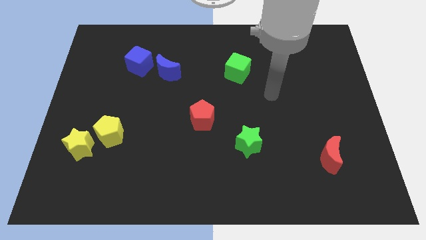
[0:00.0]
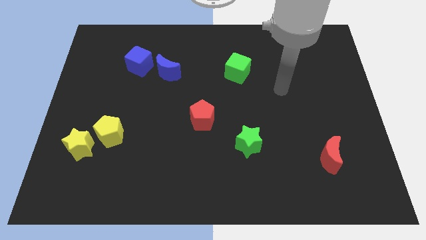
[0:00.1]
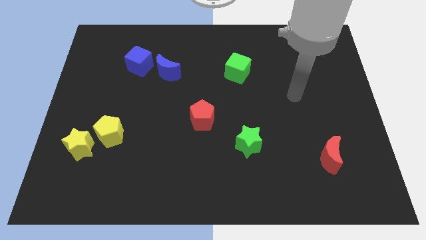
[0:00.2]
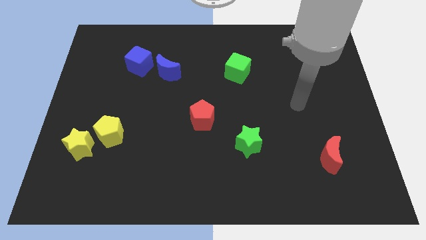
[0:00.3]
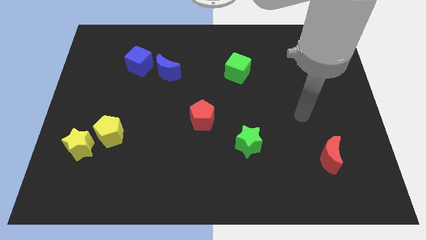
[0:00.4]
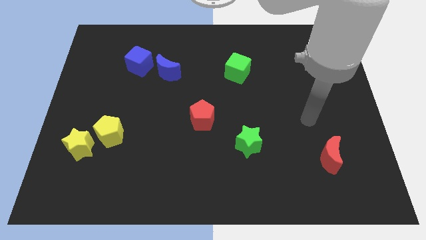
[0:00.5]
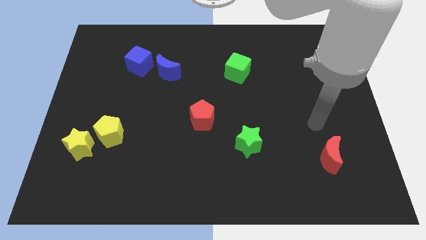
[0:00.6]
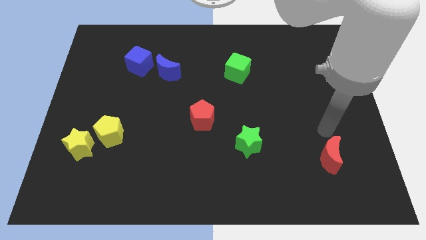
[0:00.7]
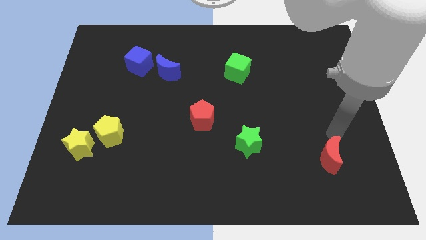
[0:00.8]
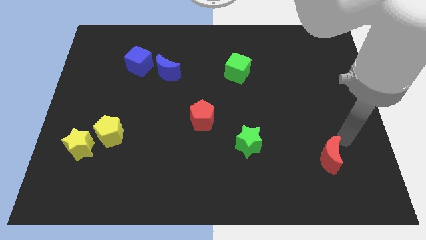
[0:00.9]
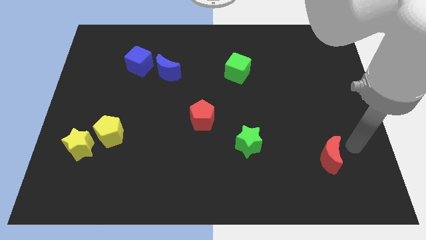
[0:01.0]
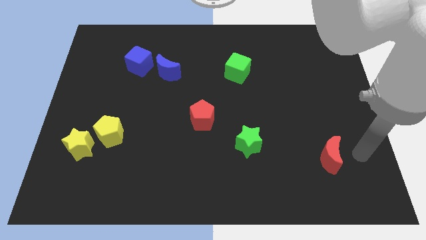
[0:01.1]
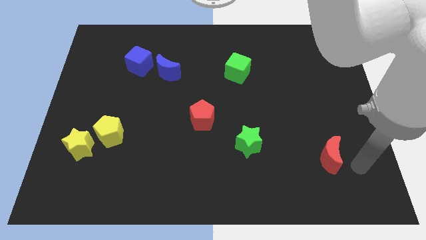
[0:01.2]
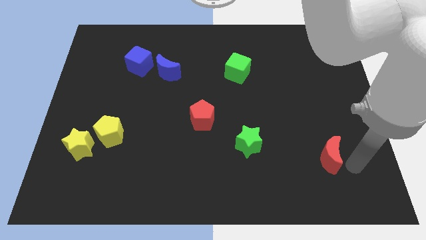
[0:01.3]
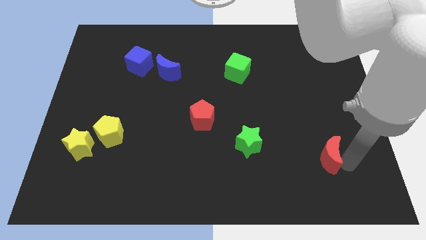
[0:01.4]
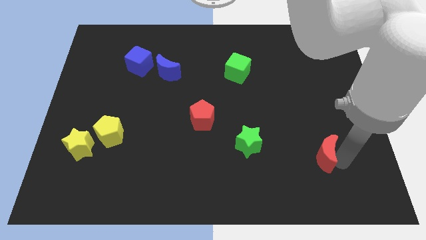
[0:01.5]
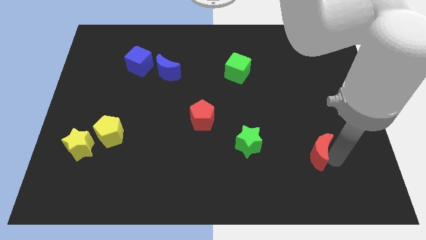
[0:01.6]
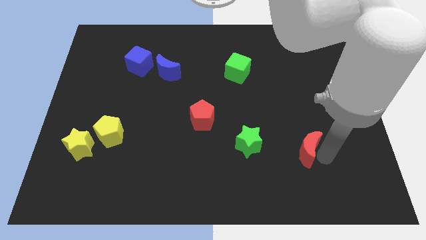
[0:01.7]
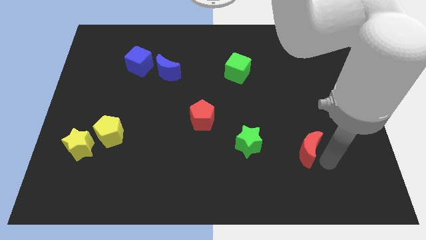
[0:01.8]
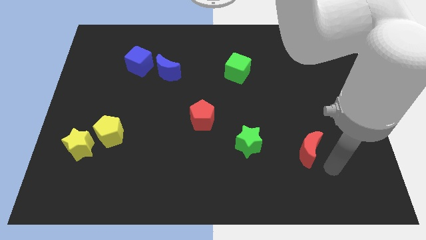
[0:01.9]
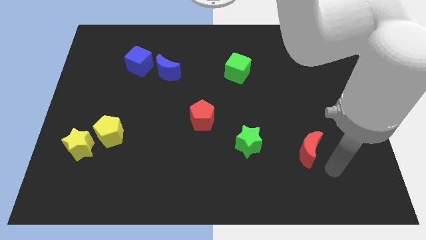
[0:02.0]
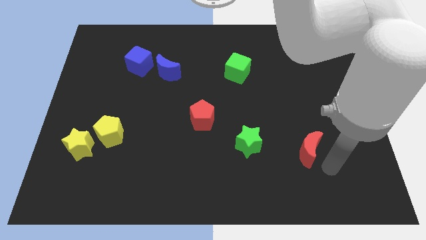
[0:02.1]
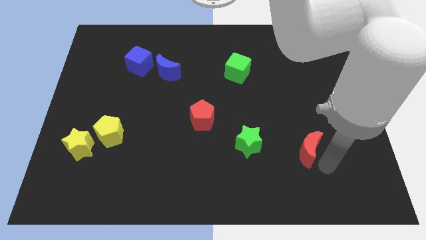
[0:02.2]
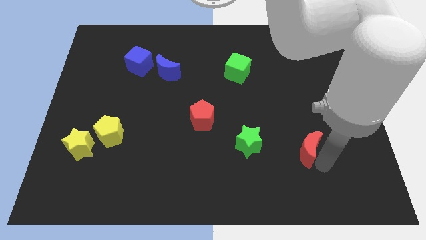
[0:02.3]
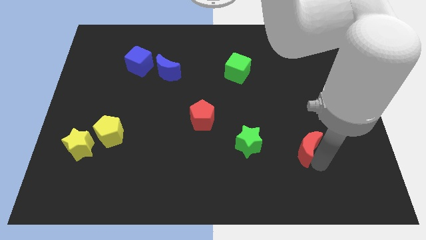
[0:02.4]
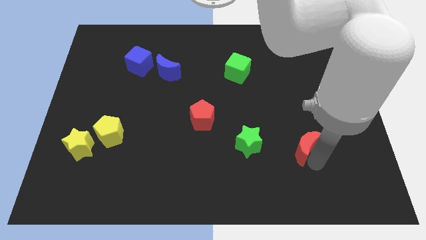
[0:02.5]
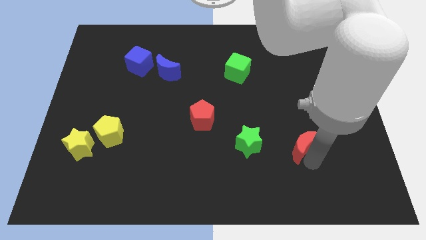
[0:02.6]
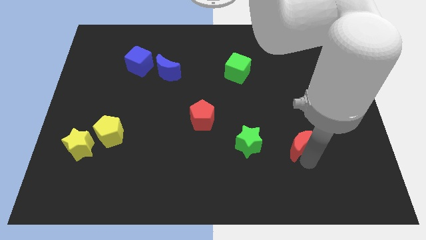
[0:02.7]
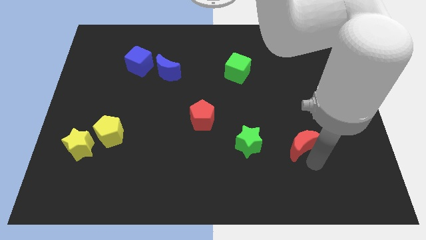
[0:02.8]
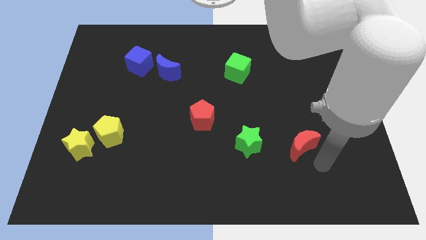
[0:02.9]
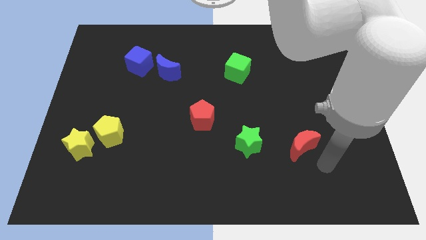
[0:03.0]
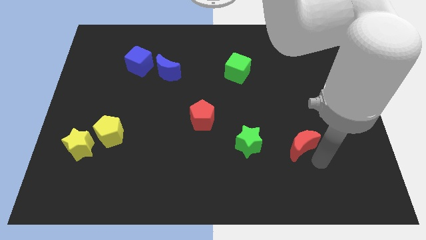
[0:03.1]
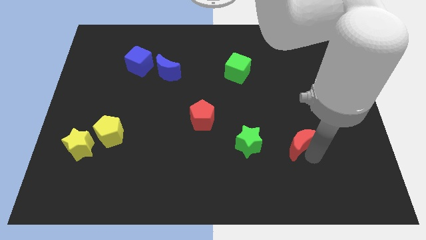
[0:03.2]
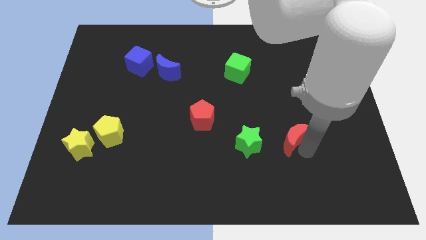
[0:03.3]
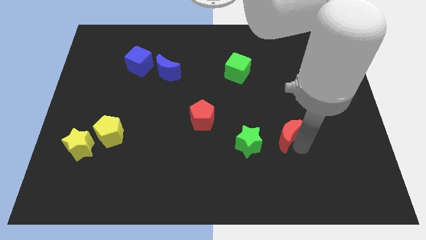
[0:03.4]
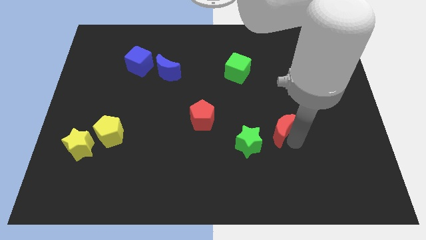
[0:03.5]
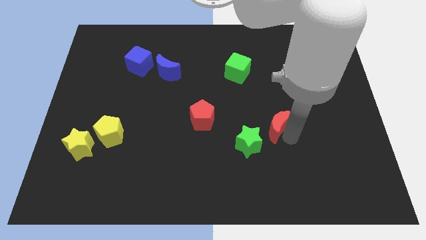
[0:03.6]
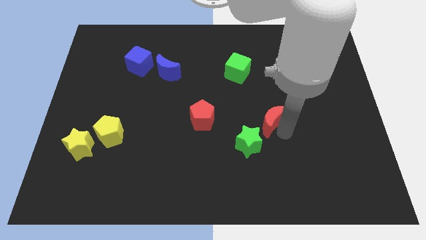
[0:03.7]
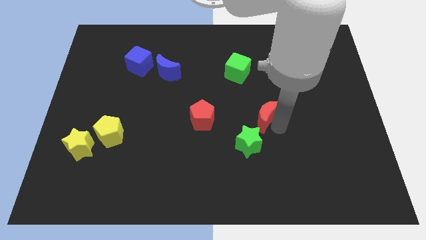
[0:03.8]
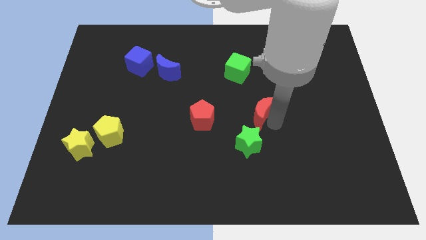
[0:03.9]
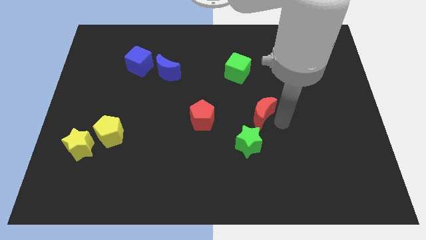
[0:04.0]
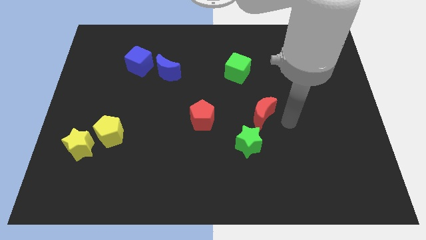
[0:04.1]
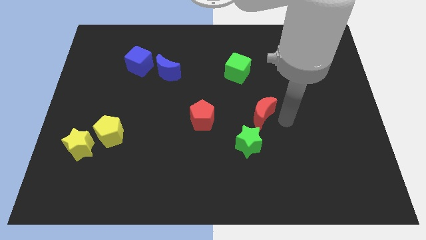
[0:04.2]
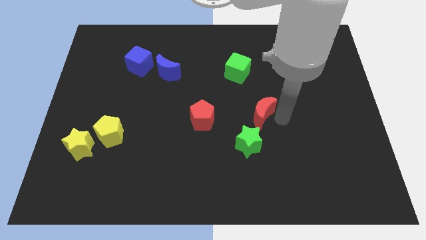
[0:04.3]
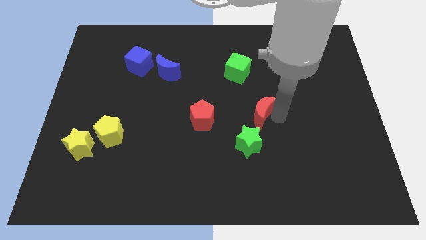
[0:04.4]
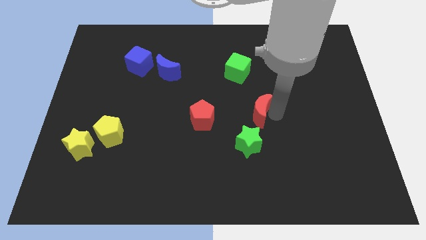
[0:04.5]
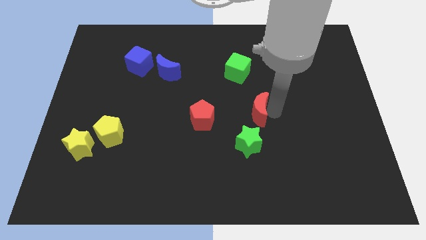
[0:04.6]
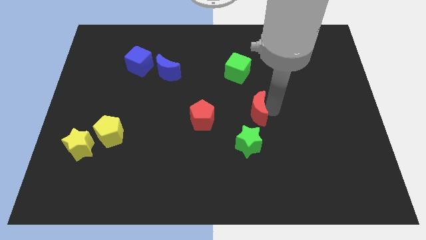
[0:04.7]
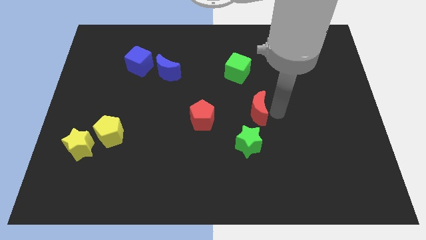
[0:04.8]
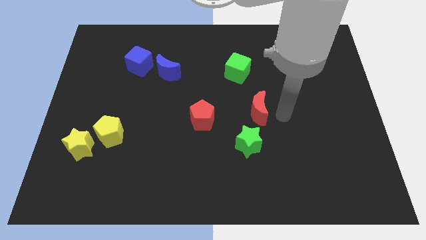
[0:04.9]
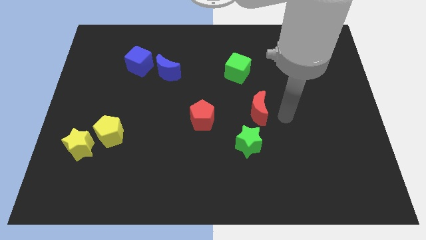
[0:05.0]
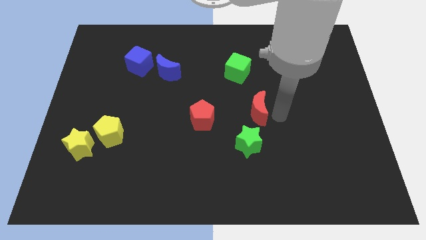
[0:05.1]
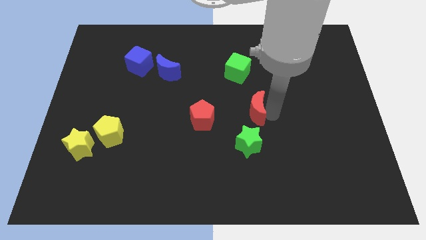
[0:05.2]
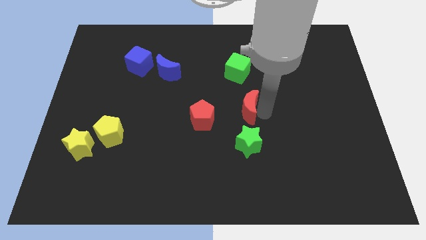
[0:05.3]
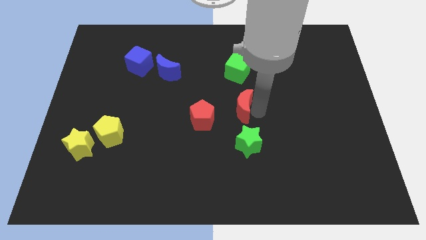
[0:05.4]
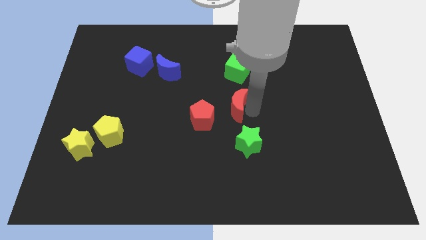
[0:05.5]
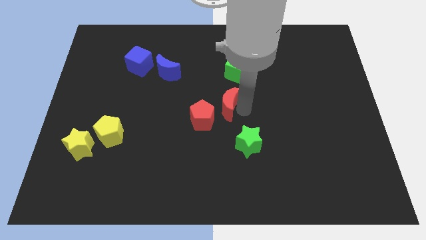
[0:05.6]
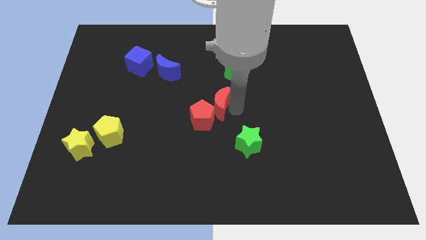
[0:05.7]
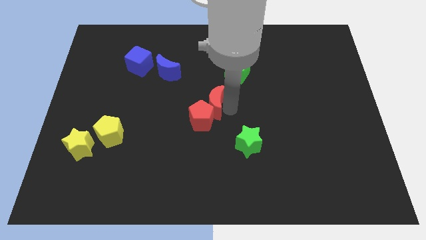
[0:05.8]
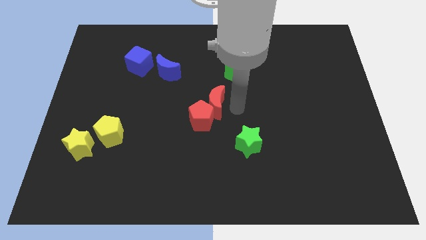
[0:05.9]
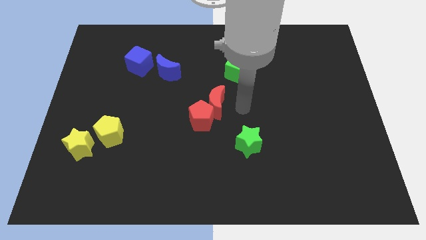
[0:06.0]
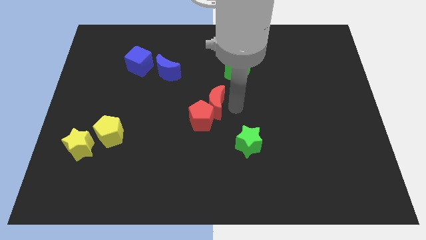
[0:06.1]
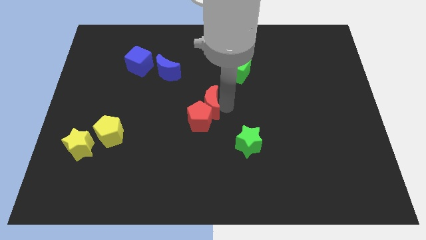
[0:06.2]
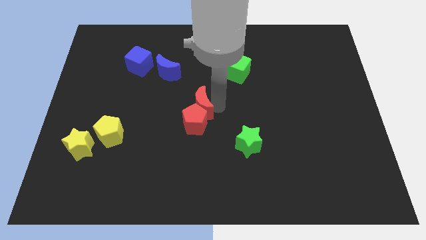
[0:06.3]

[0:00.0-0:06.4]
push the red moon to the top left side of the red pentagon
════
:: Work to be completed ::
Return the full set of lines above word for word and with no pictures.

:: Solution ::
[0:00.0]
[0:00.1]
[0:00.2]
[0:00.3]
[0:00.4]
[0:00.5]
[0:00.6]
[0:00.7]
[0:00.8]
[0:00.9]
[0:01.0]
[0:01.1]
[0:01.2]
[0:01.3]
[0:01.4]
[0:01.5]
[0:01.6]
[0:01.7]
[0:01.8]
[0:01.9]
[0:02.0]
[0:02.1]
[0:02.2]
[0:02.3]
[0:02.4]
[0:02.5]
[0:02.6]
[0:02.7]
[0:02.8]
[0:02.9]
[0:03.0]
[0:03.1]
[0:03.2]
[0:03.3]
[0:03.4]
[0:03.5]
[0:03.6]
[0:03.7]
[0:03.8]
[0:03.9]
[0:04.0]
[0:04.1]
[0:04.2]
[0:04.3]
[0:04.4]
[0:04.5]
[0:04.6]
[0:04.7]
[0:04.8]
[0:04.9]
[0:05.0]
[0:05.1]
[0:05.2]
[0:05.3]
[0:05.4]
[0:05.5]
[0:05.6]
[0:05.7]
[0:05.8]
[0:05.9]
[0:06.0]
[0:06.1]
[0:06.2]
[0:06.3]

[0:00.0-0:06.4]
push the red moon to the top left side of the red pentagon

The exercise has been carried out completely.